Start of Given data

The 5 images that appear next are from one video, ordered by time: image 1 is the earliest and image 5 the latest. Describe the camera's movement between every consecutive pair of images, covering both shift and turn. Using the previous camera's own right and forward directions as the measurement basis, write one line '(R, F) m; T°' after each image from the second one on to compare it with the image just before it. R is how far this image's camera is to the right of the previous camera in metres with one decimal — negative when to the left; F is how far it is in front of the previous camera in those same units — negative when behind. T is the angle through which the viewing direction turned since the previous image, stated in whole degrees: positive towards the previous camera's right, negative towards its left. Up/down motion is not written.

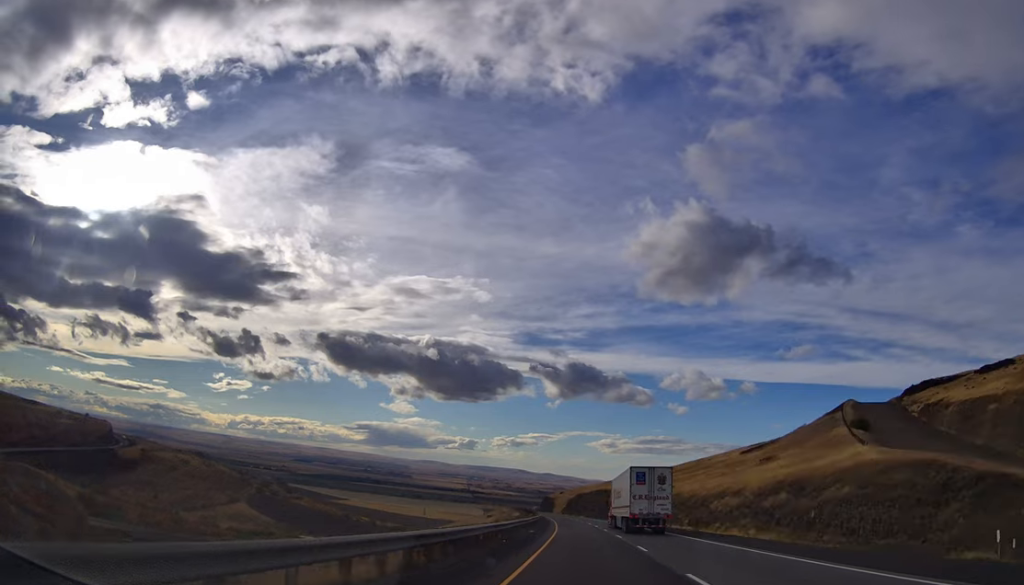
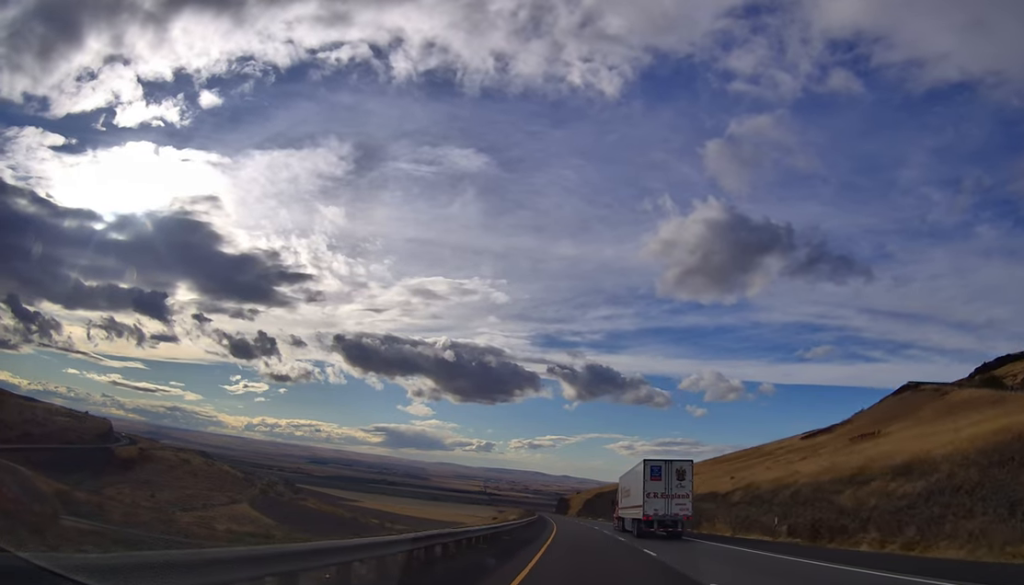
(-1.0, +38.5) m; -2°
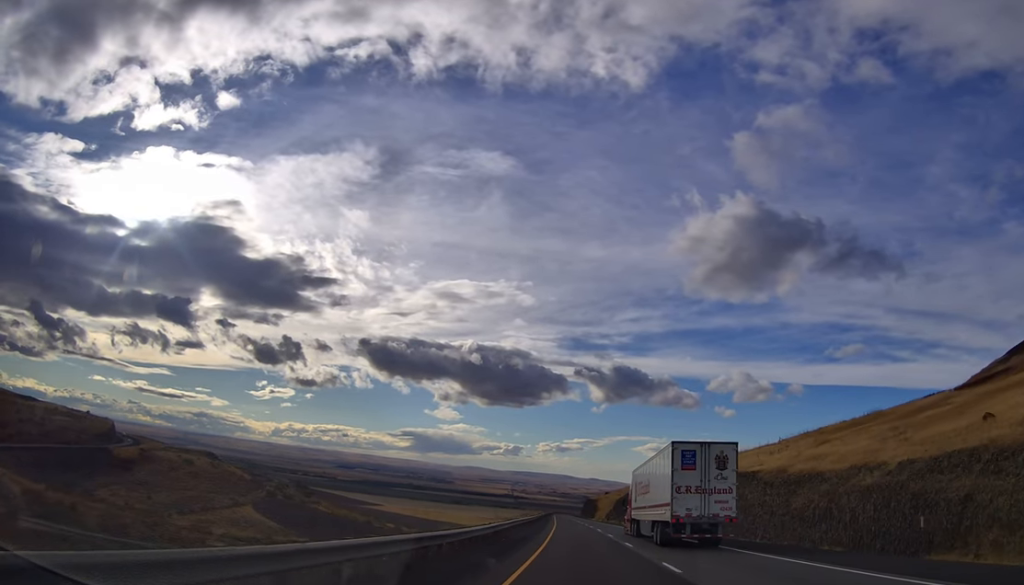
(-0.4, +55.4) m; -1°
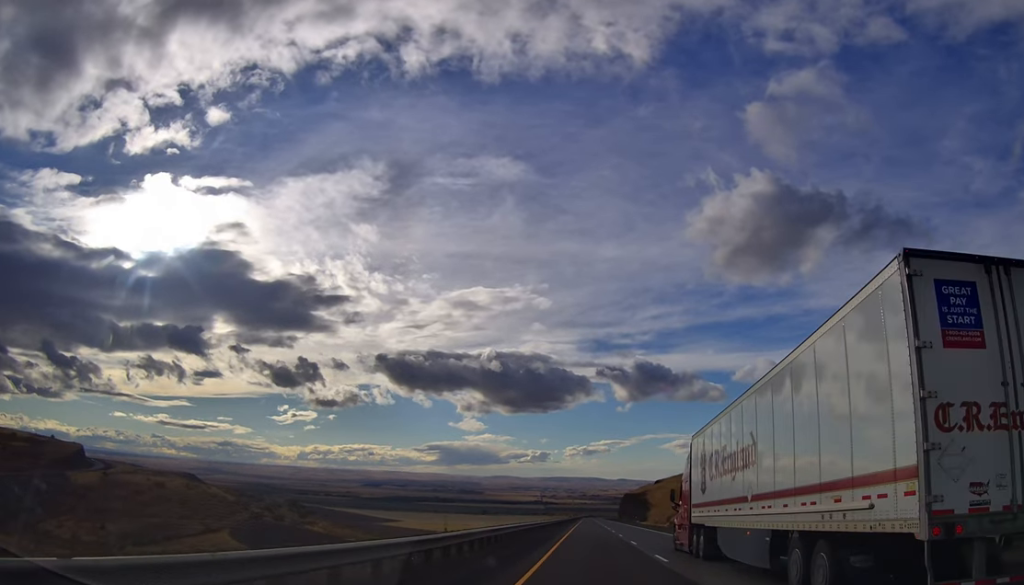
(-6.1, +118.6) m; -4°
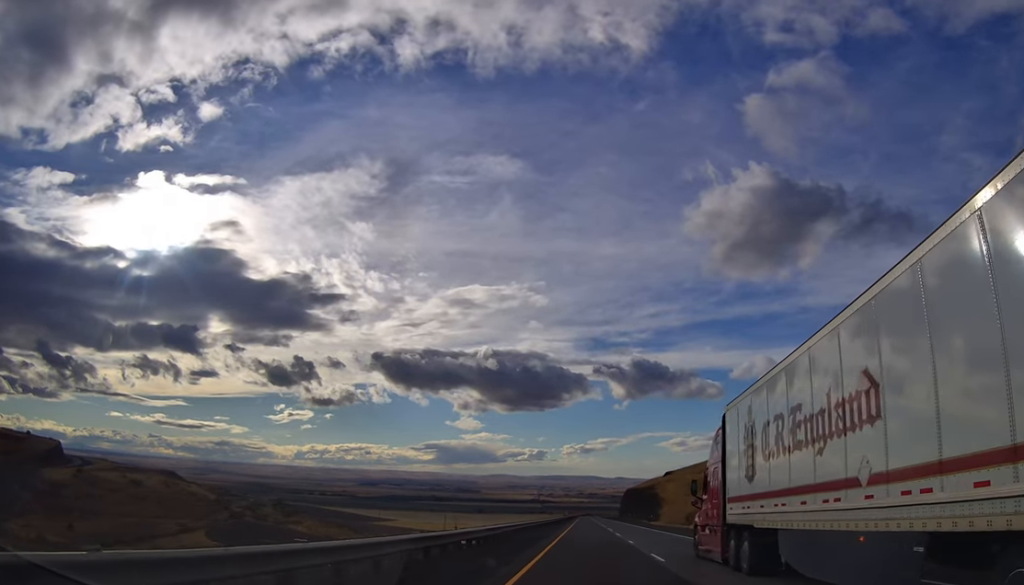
(-0.5, +37.8) m; -1°
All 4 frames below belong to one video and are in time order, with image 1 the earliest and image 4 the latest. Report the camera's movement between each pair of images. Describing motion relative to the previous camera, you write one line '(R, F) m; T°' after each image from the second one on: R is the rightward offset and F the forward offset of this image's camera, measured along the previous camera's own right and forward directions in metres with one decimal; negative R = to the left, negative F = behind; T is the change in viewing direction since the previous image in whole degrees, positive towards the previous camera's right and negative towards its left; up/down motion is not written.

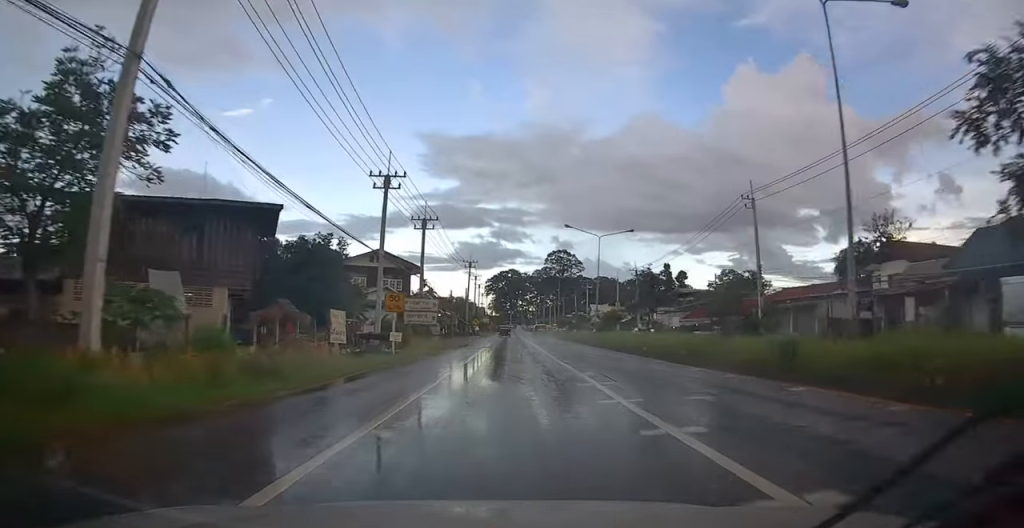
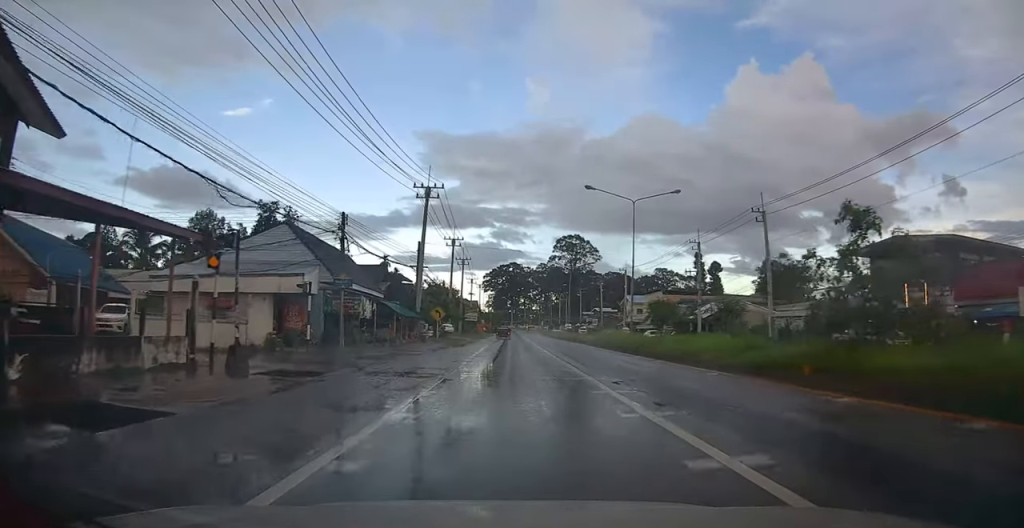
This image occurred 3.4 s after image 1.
(+0.8, +49.6) m; 0°
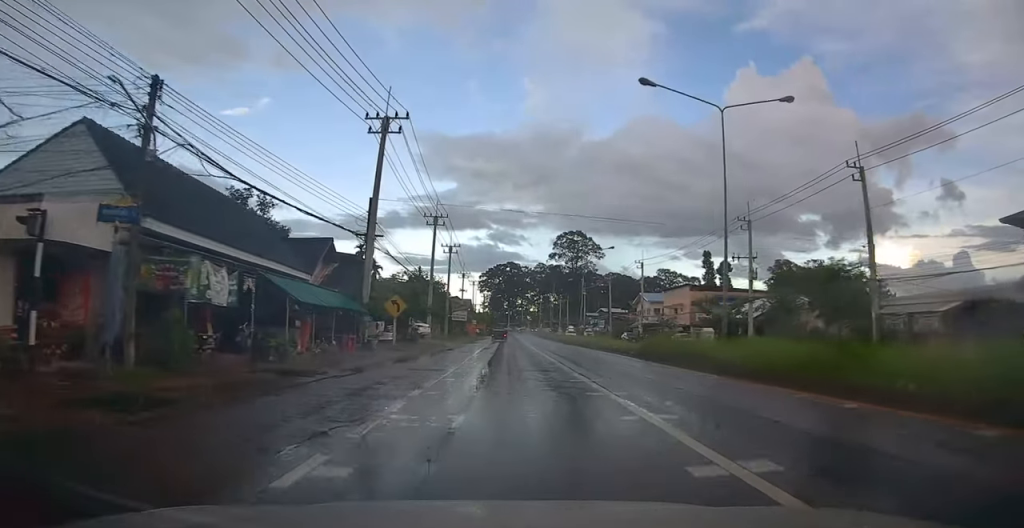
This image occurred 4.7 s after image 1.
(-0.6, +15.2) m; -2°
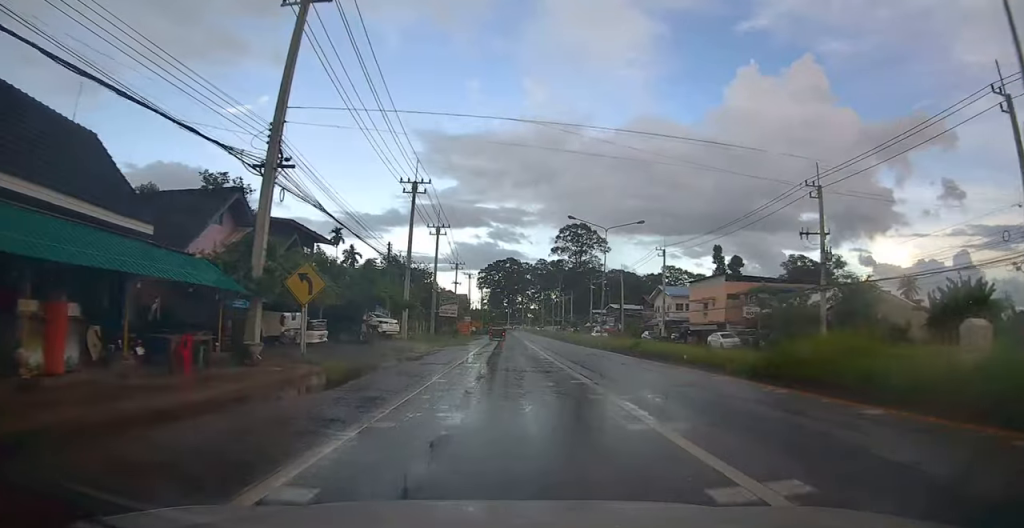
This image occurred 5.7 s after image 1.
(+0.2, +12.6) m; +3°

End of Given data

## [Required work]
Copy every entry exactly, leaving out the pictures.

## [Result]
The 5 images that appear next are from one video, ordered by time: image 1 is the earliest and image 5 the latest. Describe the camera's movement between every consecutive pair of images, covering both shift and turn. Using the previous camera's own right and forward directions as the measurement basis, write one line '(R, F) m; T°' after each image from the second one on to compare it with the image just before it. R is how far this image's camera is to the right of the previous camera in metres with one decimal — negative when to the left; F is how far it is in front of the previous camera in those same units — negative when behind. T is the angle through which the viewing direction turned since the previous image, stated in whole degrees: positive towards the previous camera's right, negative towards its left. Up/down motion is not written.

(-1.0, +38.5) m; -2°
(-0.4, +55.4) m; -1°
(-6.1, +118.6) m; -4°
(-0.5, +37.8) m; -1°
All 4 frames below belong to one video and are in time order, with image 1 the earliest and image 4 the latest. Report the camera's movement between each pair of images. Describing motion relative to the previous camera, you write one line '(R, F) m; T°' after each image from the second one on: R is the rightward offset and F the forward offset of this image's camera, measured along the previous camera's own right and forward directions in metres with one decimal; negative R = to the left, negative F = behind; T is the change in viewing direction since the previous image in whole degrees, positive towards the previous camera's right and negative towards its left; up/down motion is not written.

This image occurred 3.4 s after image 1.
(+0.8, +49.6) m; 0°
This image occurred 4.7 s after image 1.
(-0.6, +15.2) m; -2°
This image occurred 5.7 s after image 1.
(+0.2, +12.6) m; +3°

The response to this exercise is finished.